• What to produce
With the pictures removed, the data below must be transcribed in full and exactly.

── Information provided

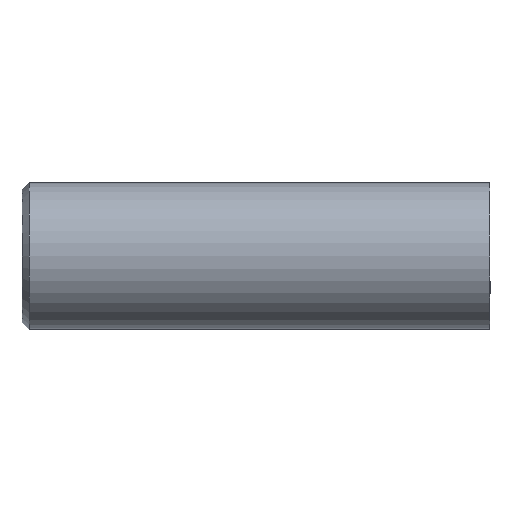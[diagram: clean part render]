
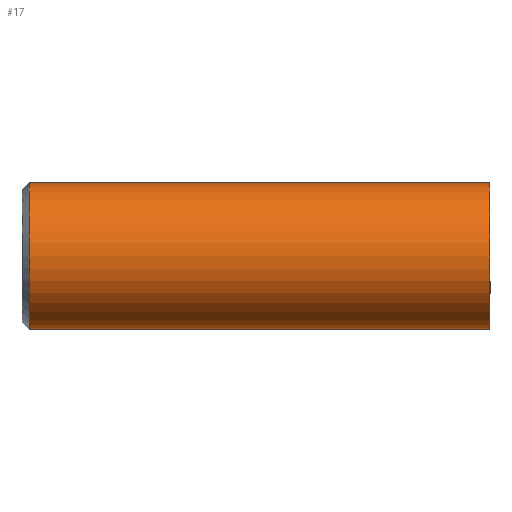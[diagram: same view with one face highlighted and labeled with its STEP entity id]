
A CAD part, front view. The second image highlights one B-rep face of the part: STEP entity #17.
In plain terms, the highlighted cylindrical face has radius 11 mm (diameter 22 mm), a full revolution.
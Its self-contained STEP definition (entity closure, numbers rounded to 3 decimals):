
#17 = ADVANCED_FACE('',(#18),#32,.T.);
#18 = FACE_BOUND('',#19,.T.);
#19 = EDGE_LOOP('',(#20,#50,#77,#78));
#20 = ORIENTED_EDGE('',*,*,#21,.T.);
#21 = EDGE_CURVE('',#22,#24,#26,.T.);
#22 = VERTEX_POINT('',#23);
#23 = CARTESIAN_POINT('',(0.,11.,0.));
#24 = VERTEX_POINT('',#25);
#25 = CARTESIAN_POINT('',(-68.9,11.,0.));
#26 = SEAM_CURVE('',#27,(#31,#43),.PCURVE_S1.);
#27 = LINE('',#28,#29);
#28 = CARTESIAN_POINT('',(0.,11.,0.));
#29 = VECTOR('',#30,1.);
#30 = DIRECTION('',(-1.,-0.,-0.));
#31 = PCURVE('',#32,#37);
#32 = CYLINDRICAL_SURFACE('',#33,11.);
#33 = AXIS2_PLACEMENT_3D('',#34,#35,#36);
#34 = CARTESIAN_POINT('',(0.,0.,0.));
#35 = DIRECTION('',(1.,0.,0.));
#36 = DIRECTION('',(0.,1.,0.));
#37 = DEFINITIONAL_REPRESENTATION('',(#38),#42);
#38 = LINE('',#39,#40);
#39 = CARTESIAN_POINT('',(0.,0.));
#40 = VECTOR('',#41,1.);
#41 = DIRECTION('',(0.,-1.));
#42 = ( GEOMETRIC_REPRESENTATION_CONTEXT(2) 
PARAMETRIC_REPRESENTATION_CONTEXT() REPRESENTATION_CONTEXT('2D SPACE',''
  ) );
#43 = PCURVE('',#32,#44);
#44 = DEFINITIONAL_REPRESENTATION('',(#45),#49);
#45 = LINE('',#46,#47);
#46 = CARTESIAN_POINT('',(6.283,0.));
#47 = VECTOR('',#48,1.);
#48 = DIRECTION('',(0.,-1.));
#49 = ( GEOMETRIC_REPRESENTATION_CONTEXT(2) 
PARAMETRIC_REPRESENTATION_CONTEXT() REPRESENTATION_CONTEXT('2D SPACE',''
  ) );
#50 = ORIENTED_EDGE('',*,*,#51,.T.);
#51 = EDGE_CURVE('',#24,#24,#52,.T.);
#52 = SURFACE_CURVE('',#53,(#58,#65),.PCURVE_S1.);
#53 = CIRCLE('',#54,11.);
#54 = AXIS2_PLACEMENT_3D('',#55,#56,#57);
#55 = CARTESIAN_POINT('',(-68.9,0.,0.));
#56 = DIRECTION('',(1.,0.,0.));
#57 = DIRECTION('',(-0.,1.,0.));
#58 = PCURVE('',#32,#59);
#59 = DEFINITIONAL_REPRESENTATION('',(#60),#64);
#60 = LINE('',#61,#62);
#61 = CARTESIAN_POINT('',(0.,-68.9));
#62 = VECTOR('',#63,1.);
#63 = DIRECTION('',(1.,0.));
#64 = ( GEOMETRIC_REPRESENTATION_CONTEXT(2) 
PARAMETRIC_REPRESENTATION_CONTEXT() REPRESENTATION_CONTEXT('2D SPACE',''
  ) );
#65 = PCURVE('',#66,#71);
#66 = CONICAL_SURFACE('',#67,11.,0.785);
#67 = AXIS2_PLACEMENT_3D('',#68,#69,#70);
#68 = CARTESIAN_POINT('',(-68.9,0.,0.));
#69 = DIRECTION('',(1.,0.,0.));
#70 = DIRECTION('',(-0.,1.,0.));
#71 = DEFINITIONAL_REPRESENTATION('',(#72),#76);
#72 = LINE('',#73,#74);
#73 = CARTESIAN_POINT('',(0.,-0.));
#74 = VECTOR('',#75,1.);
#75 = DIRECTION('',(1.,-0.));
#76 = ( GEOMETRIC_REPRESENTATION_CONTEXT(2) 
PARAMETRIC_REPRESENTATION_CONTEXT() REPRESENTATION_CONTEXT('2D SPACE',''
  ) );
#77 = ORIENTED_EDGE('',*,*,#21,.F.);
#78 = ORIENTED_EDGE('',*,*,#79,.F.);
#79 = EDGE_CURVE('',#22,#22,#80,.T.);
#80 = SURFACE_CURVE('',#81,(#86,#93),.PCURVE_S1.);
#81 = CIRCLE('',#82,11.);
#82 = AXIS2_PLACEMENT_3D('',#83,#84,#85);
#83 = CARTESIAN_POINT('',(0.,0.,0.));
#84 = DIRECTION('',(1.,0.,0.));
#85 = DIRECTION('',(0.,1.,0.));
#86 = PCURVE('',#32,#87);
#87 = DEFINITIONAL_REPRESENTATION('',(#88),#92);
#88 = LINE('',#89,#90);
#89 = CARTESIAN_POINT('',(0.,0.));
#90 = VECTOR('',#91,1.);
#91 = DIRECTION('',(1.,0.));
#92 = ( GEOMETRIC_REPRESENTATION_CONTEXT(2) 
PARAMETRIC_REPRESENTATION_CONTEXT() REPRESENTATION_CONTEXT('2D SPACE',''
  ) );
#93 = PCURVE('',#94,#99);
#94 = PLANE('',#95);
#95 = AXIS2_PLACEMENT_3D('',#96,#97,#98);
#96 = CARTESIAN_POINT('',(0.,0.,0.));
#97 = DIRECTION('',(1.,0.,0.));
#98 = DIRECTION('',(-0.,0.,1.));
#99 = DEFINITIONAL_REPRESENTATION('',(#100),#104);
#100 = CIRCLE('',#101,11.);
#101 = AXIS2_PLACEMENT_2D('',#102,#103);
#102 = CARTESIAN_POINT('',(0.,0.));
#103 = DIRECTION('',(0.,-1.));
#104 = ( GEOMETRIC_REPRESENTATION_CONTEXT(2) 
PARAMETRIC_REPRESENTATION_CONTEXT() REPRESENTATION_CONTEXT('2D SPACE',''
  ) );

────

• Solution to this task
[diagram: clean part render]
[diagram: same view with one face highlighted and labeled with its STEP entity id]
A CAD part, front view. The second image highlights one B-rep face of the part: STEP entity #17.
In plain terms, the highlighted cylindrical face has radius 11 mm (diameter 22 mm), a full revolution.
Its self-contained STEP definition (entity closure, numbers rounded to 3 decimals):
#17 = ADVANCED_FACE('',(#18),#32,.T.);
#18 = FACE_BOUND('',#19,.T.);
#19 = EDGE_LOOP('',(#20,#50,#77,#78));
#20 = ORIENTED_EDGE('',*,*,#21,.T.);
#21 = EDGE_CURVE('',#22,#24,#26,.T.);
#22 = VERTEX_POINT('',#23);
#23 = CARTESIAN_POINT('',(0.,11.,0.));
#24 = VERTEX_POINT('',#25);
#25 = CARTESIAN_POINT('',(-68.9,11.,0.));
#26 = SEAM_CURVE('',#27,(#31,#43),.PCURVE_S1.);
#27 = LINE('',#28,#29);
#28 = CARTESIAN_POINT('',(0.,11.,0.));
#29 = VECTOR('',#30,1.);
#30 = DIRECTION('',(-1.,-0.,-0.));
#31 = PCURVE('',#32,#37);
#32 = CYLINDRICAL_SURFACE('',#33,11.);
#33 = AXIS2_PLACEMENT_3D('',#34,#35,#36);
#34 = CARTESIAN_POINT('',(0.,0.,0.));
#35 = DIRECTION('',(1.,0.,0.));
#36 = DIRECTION('',(0.,1.,0.));
#37 = DEFINITIONAL_REPRESENTATION('',(#38),#42);
#38 = LINE('',#39,#40);
#39 = CARTESIAN_POINT('',(0.,0.));
#40 = VECTOR('',#41,1.);
#41 = DIRECTION('',(0.,-1.));
#42 = ( GEOMETRIC_REPRESENTATION_CONTEXT(2) 
PARAMETRIC_REPRESENTATION_CONTEXT() REPRESENTATION_CONTEXT('2D SPACE',''
  ) );
#43 = PCURVE('',#32,#44);
#44 = DEFINITIONAL_REPRESENTATION('',(#45),#49);
#45 = LINE('',#46,#47);
#46 = CARTESIAN_POINT('',(6.283,0.));
#47 = VECTOR('',#48,1.);
#48 = DIRECTION('',(0.,-1.));
#49 = ( GEOMETRIC_REPRESENTATION_CONTEXT(2) 
PARAMETRIC_REPRESENTATION_CONTEXT() REPRESENTATION_CONTEXT('2D SPACE',''
  ) );
#50 = ORIENTED_EDGE('',*,*,#51,.T.);
#51 = EDGE_CURVE('',#24,#24,#52,.T.);
#52 = SURFACE_CURVE('',#53,(#58,#65),.PCURVE_S1.);
#53 = CIRCLE('',#54,11.);
#54 = AXIS2_PLACEMENT_3D('',#55,#56,#57);
#55 = CARTESIAN_POINT('',(-68.9,0.,0.));
#56 = DIRECTION('',(1.,0.,0.));
#57 = DIRECTION('',(-0.,1.,0.));
#58 = PCURVE('',#32,#59);
#59 = DEFINITIONAL_REPRESENTATION('',(#60),#64);
#60 = LINE('',#61,#62);
#61 = CARTESIAN_POINT('',(0.,-68.9));
#62 = VECTOR('',#63,1.);
#63 = DIRECTION('',(1.,0.));
#64 = ( GEOMETRIC_REPRESENTATION_CONTEXT(2) 
PARAMETRIC_REPRESENTATION_CONTEXT() REPRESENTATION_CONTEXT('2D SPACE',''
  ) );
#65 = PCURVE('',#66,#71);
#66 = CONICAL_SURFACE('',#67,11.,0.785);
#67 = AXIS2_PLACEMENT_3D('',#68,#69,#70);
#68 = CARTESIAN_POINT('',(-68.9,0.,0.));
#69 = DIRECTION('',(1.,0.,0.));
#70 = DIRECTION('',(-0.,1.,0.));
#71 = DEFINITIONAL_REPRESENTATION('',(#72),#76);
#72 = LINE('',#73,#74);
#73 = CARTESIAN_POINT('',(0.,-0.));
#74 = VECTOR('',#75,1.);
#75 = DIRECTION('',(1.,-0.));
#76 = ( GEOMETRIC_REPRESENTATION_CONTEXT(2) 
PARAMETRIC_REPRESENTATION_CONTEXT() REPRESENTATION_CONTEXT('2D SPACE',''
  ) );
#77 = ORIENTED_EDGE('',*,*,#21,.F.);
#78 = ORIENTED_EDGE('',*,*,#79,.F.);
#79 = EDGE_CURVE('',#22,#22,#80,.T.);
#80 = SURFACE_CURVE('',#81,(#86,#93),.PCURVE_S1.);
#81 = CIRCLE('',#82,11.);
#82 = AXIS2_PLACEMENT_3D('',#83,#84,#85);
#83 = CARTESIAN_POINT('',(0.,0.,0.));
#84 = DIRECTION('',(1.,0.,0.));
#85 = DIRECTION('',(0.,1.,0.));
#86 = PCURVE('',#32,#87);
#87 = DEFINITIONAL_REPRESENTATION('',(#88),#92);
#88 = LINE('',#89,#90);
#89 = CARTESIAN_POINT('',(0.,0.));
#90 = VECTOR('',#91,1.);
#91 = DIRECTION('',(1.,0.));
#92 = ( GEOMETRIC_REPRESENTATION_CONTEXT(2) 
PARAMETRIC_REPRESENTATION_CONTEXT() REPRESENTATION_CONTEXT('2D SPACE',''
  ) );
#93 = PCURVE('',#94,#99);
#94 = PLANE('',#95);
#95 = AXIS2_PLACEMENT_3D('',#96,#97,#98);
#96 = CARTESIAN_POINT('',(0.,0.,0.));
#97 = DIRECTION('',(1.,0.,0.));
#98 = DIRECTION('',(-0.,0.,1.));
#99 = DEFINITIONAL_REPRESENTATION('',(#100),#104);
#100 = CIRCLE('',#101,11.);
#101 = AXIS2_PLACEMENT_2D('',#102,#103);
#102 = CARTESIAN_POINT('',(0.,0.));
#103 = DIRECTION('',(0.,-1.));
#104 = ( GEOMETRIC_REPRESENTATION_CONTEXT(2) 
PARAMETRIC_REPRESENTATION_CONTEXT() REPRESENTATION_CONTEXT('2D SPACE',''
  ) );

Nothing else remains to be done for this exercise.